I hope Mexico's political make-over will prompt Americans to look more favorably on their neighbor, and by extension, on immigrants like me who still feel a degree of loyalty to our country of origin.
I hear from people perplexed or angry about immigrants who don't assimilate. We're even denounced as traitors for allegiances crisscrossing our common border.
''I am wondering why you wish to undermine the very country that allows you to write your column ... The USA,'' wrote one reader fuming about my articles extolling cultural traditions. ''You should decide which is more important: (Admiring) salsa music and 16th century costumes or belonging to the most important country ever established in history.''
Hey, what's wrong with life, liberty and the pursuit of great salsa?
In the United States, patriotism requires a belief in the founding principles contained in the Constitution and Declaration of Independence. It is allegiance to a system of self-governance, not necessarily a culture. In Mexico, patriotism is more sentimental. It evokes passion for the homeland and respect for its people, language and customs.
A Mexican patriot could well love his country and hate his form of government. An American patriot could never do the same.
As long as the two political systems were perceived as fundamentally different, Americans understandably drew lines of allegiance in the sand.
Which side are you on? The side of truth, justice and Superman? Or the side of corrupt governments, crooked elections and the ''Chupacabras,'' the mythical bloodsucking creature that became a metaphor for Mexican politicians sucking their people dry.
That borderline now is blurring, thanks to Mexico's millennial election.
In fact, Mexican politics is looking more and more American. The 2000 campaign featured a first-ever primary, endless polling, celebrity endorsements by singers and soccer players, and even some media mudslinging among the leading candidates. More important, the vote was relatively free of fraud and people had faith in the results. The transition of power promises to be orderly too.
Mexico has emerged as a vigorous democracy with a multiparty system based on the will of the people and respect for the rule of law. The only thing missing is apple pie. Otherwise, our neighboring governments are starting to have a lot in common.
Maybe we won't have to choose sides after all.
''Multiple loyalties are objectionable only if they are inconsistent,'' wrote Horace Kallen in a 1913 essay on international Zionism. Kallen, the Harvard-educated son of East European immigrants and professor at the New School for Social Research, was an early proponent of cultural pluralism in the United States.

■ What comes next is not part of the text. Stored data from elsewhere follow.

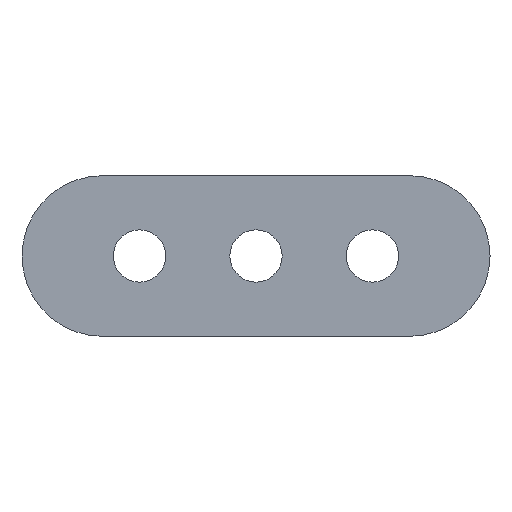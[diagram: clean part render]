
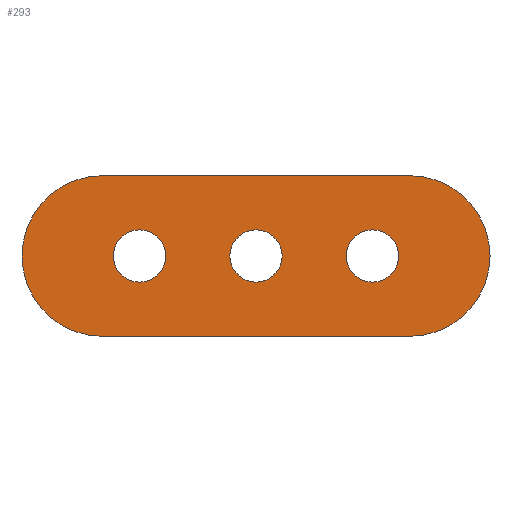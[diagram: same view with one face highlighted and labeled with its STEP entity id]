
A CAD part, top view. The second image highlights one B-rep face of the part: STEP entity #293.
In plain terms, the highlighted planar face has unit normal (0, 0, 1).
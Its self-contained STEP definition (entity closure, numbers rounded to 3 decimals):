
#52 = VERTEX_POINT('',#53);
#53 = CARTESIAN_POINT('',(6.9,0.,0.411));
#59 = EDGE_CURVE('',#52,#60,#62,.T.);
#60 = VERTEX_POINT('',#61);
#61 = CARTESIAN_POINT('',(6.9,13.8,0.411));
#62 = CIRCLE('',#63,6.9);
#63 = AXIS2_PLACEMENT_3D('',#64,#65,#66);
#64 = CARTESIAN_POINT('',(6.9,6.9,0.411));
#65 = DIRECTION('',(0.,0.,-1.));
#66 = DIRECTION('',(0.,-1.,0.));
#92 = EDGE_CURVE('',#60,#93,#95,.T.);
#93 = VERTEX_POINT('',#94);
#94 = CARTESIAN_POINT('',(33.3,13.8,0.411));
#95 = LINE('',#96,#97);
#96 = CARTESIAN_POINT('',(6.9,13.8,0.411));
#97 = VECTOR('',#98,1.);
#98 = DIRECTION('',(1.,0.,0.));
#123 = EDGE_CURVE('',#93,#124,#126,.T.);
#124 = VERTEX_POINT('',#125);
#125 = CARTESIAN_POINT('',(33.3,0.,0.411)
  );
#126 = CIRCLE('',#127,6.9);
#127 = AXIS2_PLACEMENT_3D('',#128,#129,#130);
#128 = CARTESIAN_POINT('',(33.3,6.9,0.411));
#129 = DIRECTION('',(0.,0.,-1.));
#130 = DIRECTION('',(0.,1.,-0.));
#156 = EDGE_CURVE('',#124,#52,#157,.T.);
#157 = LINE('',#158,#159);
#158 = CARTESIAN_POINT('',(33.3,0.,0.411));
#159 = VECTOR('',#160,1.);
#160 = DIRECTION('',(-1.,0.,0.));
#180 = VERTEX_POINT('',#181);
#181 = CARTESIAN_POINT('',(12.35,6.9,0.411));
#187 = EDGE_CURVE('',#180,#180,#188,.T.);
#188 = CIRCLE('',#189,2.25);
#189 = AXIS2_PLACEMENT_3D('',#190,#191,#192);
#190 = CARTESIAN_POINT('',(10.1,6.9,0.411));
#191 = DIRECTION('',(0.,0.,1.));
#192 = DIRECTION('',(1.,0.,-0.));
#213 = VERTEX_POINT('',#214);
#214 = CARTESIAN_POINT('',(32.35,6.9,0.411));
#220 = EDGE_CURVE('',#213,#213,#221,.T.);
#221 = CIRCLE('',#222,2.25);
#222 = AXIS2_PLACEMENT_3D('',#223,#224,#225);
#223 = CARTESIAN_POINT('',(30.1,6.9,0.411));
#224 = DIRECTION('',(0.,0.,1.));
#225 = DIRECTION('',(1.,0.,-0.));
#246 = VERTEX_POINT('',#247);
#247 = CARTESIAN_POINT('',(22.35,6.9,0.411));
#253 = EDGE_CURVE('',#246,#246,#254,.T.);
#254 = CIRCLE('',#255,2.25);
#255 = AXIS2_PLACEMENT_3D('',#256,#257,#258);
#256 = CARTESIAN_POINT('',(20.1,6.9,0.411));
#257 = DIRECTION('',(0.,0.,1.));
#258 = DIRECTION('',(1.,0.,-0.));
#293 = ADVANCED_FACE('',(#294,#300,#303,#306),#309,.F.);
#294 = FACE_BOUND('',#295,.F.);
#295 = EDGE_LOOP('',(#296,#297,#298,#299));
#296 = ORIENTED_EDGE('',*,*,#59,.T.);
#297 = ORIENTED_EDGE('',*,*,#92,.T.);
#298 = ORIENTED_EDGE('',*,*,#123,.T.);
#299 = ORIENTED_EDGE('',*,*,#156,.T.);
#300 = FACE_BOUND('',#301,.F.);
#301 = EDGE_LOOP('',(#302));
#302 = ORIENTED_EDGE('',*,*,#187,.T.);
#303 = FACE_BOUND('',#304,.F.);
#304 = EDGE_LOOP('',(#305));
#305 = ORIENTED_EDGE('',*,*,#220,.T.);
#306 = FACE_BOUND('',#307,.F.);
#307 = EDGE_LOOP('',(#308));
#308 = ORIENTED_EDGE('',*,*,#253,.T.);
#309 = PLANE('',#310);
#310 = AXIS2_PLACEMENT_3D('',#311,#312,#313);
#311 = CARTESIAN_POINT('',(20.1,6.9,0.411));
#312 = DIRECTION('',(-0.,-0.,-1.));
#313 = DIRECTION('',(-1.,0.,0.));
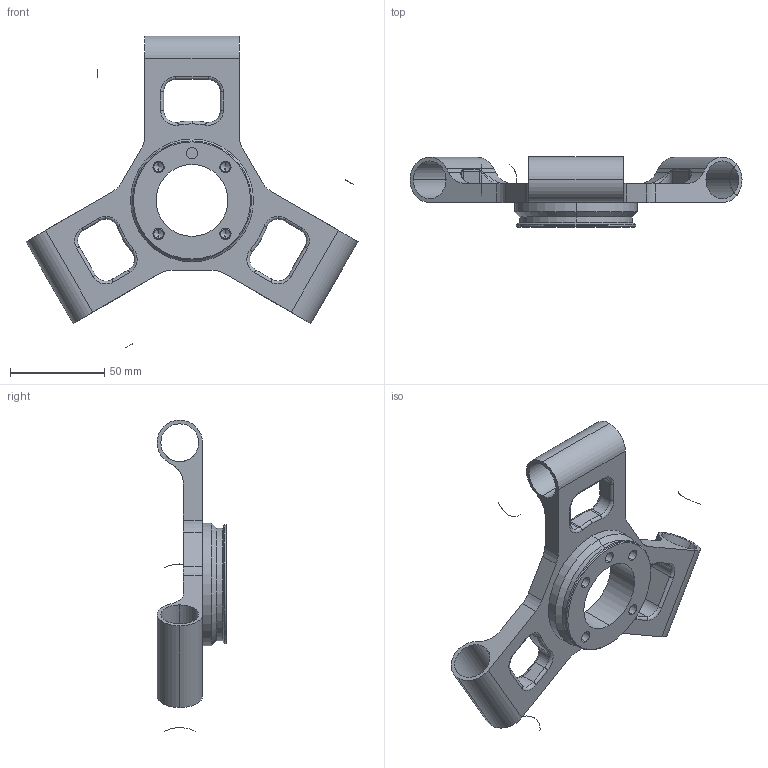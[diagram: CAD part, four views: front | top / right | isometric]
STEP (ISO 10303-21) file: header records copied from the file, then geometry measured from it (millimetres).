
FILE_DESCRIPTION (( 'STEP AP203' ), '1' );
FILE_NAME ('Platform_Fixed-Hornet565_1_Default_sldprt.STEP', '2018-02-11T16:10:09', ( '' ), ( '' ), 'SwSTEP 2.0', 'SolidWorks 2014', '' );
FILE_SCHEMA (( 'CONFIG_CONTROL_DESIGN' ));
Length unit declared in the file: millimetre
Products named in the file (1): Platform_Fixed-Hornet565_1_Default_sldprt
Bounding box: 175.69 x 37 x 165.07 mm (x, y, z)
Volume: 100203.1 mm3; surface area: 44644.8 mm2
Topology: 4 solids, 4 shells, 199 faces, 492 edges, 297 vertices
Faces by surface type: cylinder 92, torus 38, plane 36, cone 16, bspline 12, sphere 5
Entity records: 6515 total; most frequent: CARTESIAN_POINT 1783, DIRECTION 1057, ORIENTED_EDGE 934, EDGE_CURVE 467, AXIS2_PLACEMENT_3D 434, VERTEX_POINT 287, CIRCLE 248, EDGE_LOOP 220
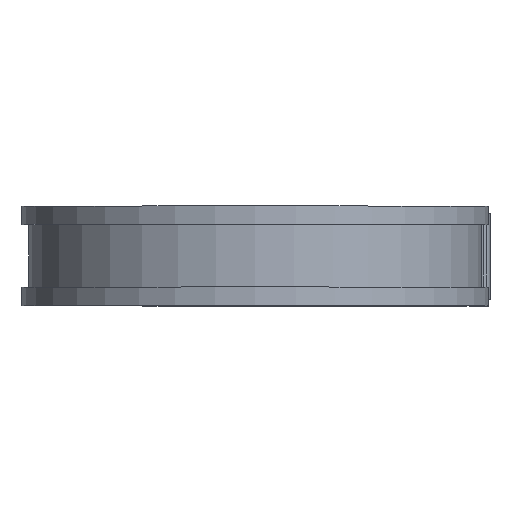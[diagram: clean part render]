
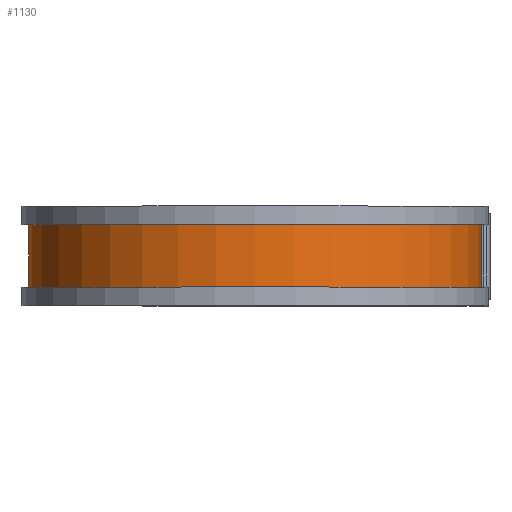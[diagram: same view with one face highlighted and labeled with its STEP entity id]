
A CAD part, top view. The second image highlights one B-rep face of the part: STEP entity #1130.
In plain terms, the highlighted cylindrical face has radius 50.368 mm (diameter 100.736 mm), a partial arc.
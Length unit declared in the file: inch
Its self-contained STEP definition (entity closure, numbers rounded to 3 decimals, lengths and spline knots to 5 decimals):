
#50 = CARTESIAN_POINT ( 'NONE',  ( 0., 0.375, 0. ) ) ;
#188 = CIRCLE ( 'NONE', #911, 1.983 ) ;
#197 = DIRECTION ( 'NONE',  ( 0., 0., -1. ) ) ;
#209 = DIRECTION ( 'NONE',  ( 0., 0., -1. ) ) ;
#210 = DIRECTION ( 'NONE',  ( 0., -1., 0. ) ) ;
#242 = DIRECTION ( 'NONE',  ( 0., -1., 0. ) ) ;
#309 = CIRCLE ( 'NONE', #710, 1.983 ) ;
#339 = EDGE_CURVE ( 'NONE', #477, #373, #1392, .T. ) ;
#363 = ORIENTED_EDGE ( 'NONE', *, *, #339, .F. ) ;
#373 = VERTEX_POINT ( 'NONE', #1641 ) ;
#456 = ORIENTED_EDGE ( 'NONE', *, *, #460, .F. ) ;
#460 = EDGE_CURVE ( 'NONE', #373, #1757, #188, .T. ) ;
#477 = VERTEX_POINT ( 'NONE', #1153 ) ;
#642 = CARTESIAN_POINT ( 'NONE',  ( 0., 0.275, -1.983 ) ) ;
#661 = CARTESIAN_POINT ( 'NONE',  ( 0., 0.375, -1.983 ) ) ;
#710 = AXIS2_PLACEMENT_3D ( 'NONE', #1754, #1118, #209 ) ;
#782 = LINE ( 'NONE', #661, #1108 ) ;
#813 = ORIENTED_EDGE ( 'NONE', *, *, #1701, .T. ) ;
#894 = CYLINDRICAL_SURFACE ( 'NONE', #1504, 1.983 ) ;
#905 = FACE_OUTER_BOUND ( 'NONE', #1710, .T. ) ;
#911 = AXIS2_PLACEMENT_3D ( 'NONE', #1011, #242, #197 ) ;
#967 = DIRECTION ( 'NONE',  ( 0., -1., 0. ) ) ;
#1011 = CARTESIAN_POINT ( 'NONE',  ( 0., -0.275, 0. ) ) ;
#1048 = CARTESIAN_POINT ( 'NONE',  ( 1.983, 0.375, 0. ) ) ;
#1108 = VECTOR ( 'NONE', #967, 39.37008 ) ;
#1118 = DIRECTION ( 'NONE',  ( 0., -1., 0. ) ) ;
#1130 = ADVANCED_FACE ( 'NONE', ( #905 ), #894, .T. ) ;
#1153 = CARTESIAN_POINT ( 'NONE',  ( 1.983, 0.275, 0. ) ) ;
#1232 = VERTEX_POINT ( 'NONE', #642 ) ;
#1319 = VECTOR ( 'NONE', #1525, 39.37008 ) ;
#1392 = LINE ( 'NONE', #1048, #1319 ) ;
#1484 = ORIENTED_EDGE ( 'NONE', *, *, #1629, .T. ) ;
#1502 = CARTESIAN_POINT ( 'NONE',  ( 0., -0.275, -1.983 ) ) ;
#1504 = AXIS2_PLACEMENT_3D ( 'NONE', #50, #210, #1636 ) ;
#1525 = DIRECTION ( 'NONE',  ( 0., -1., 0. ) ) ;
#1629 = EDGE_CURVE ( 'NONE', #1232, #1757, #782, .T. ) ;
#1636 = DIRECTION ( 'NONE',  ( 0., 0., -1. ) ) ;
#1641 = CARTESIAN_POINT ( 'NONE',  ( 1.983, -0.275, 0. ) ) ;
#1701 = EDGE_CURVE ( 'NONE', #477, #1232, #309, .T. ) ;
#1710 = EDGE_LOOP ( 'NONE', ( #363, #813, #1484, #456 ) ) ;
#1754 = CARTESIAN_POINT ( 'NONE',  ( 0., 0.275, 0. ) ) ;
#1757 = VERTEX_POINT ( 'NONE', #1502 ) ;

Today, multiculturalism is revising notions of patriotism as ''my country, right or wrong,'' argued Victor Navasky, publisher of The Nation. That kind of patriotism ''makes you hate other countries'' and defend your own, even when ''you think it's behaving in an immoral and unjust way,'' he said in a debate about patriotism recounted in Saturday's New York Times.
Multiculturalism allows for competing allegiances and embraces loyalties at all levels: love of family, tribe, culture, country and international community. Said Navasky: ''The most valuable kind of patriotism is one which honors the other relationships rather than competes against them.''
Patriotism, he concluded, is the struggle to make your country a better place. As the Mexican elections proved, that definition works on both sides of the border.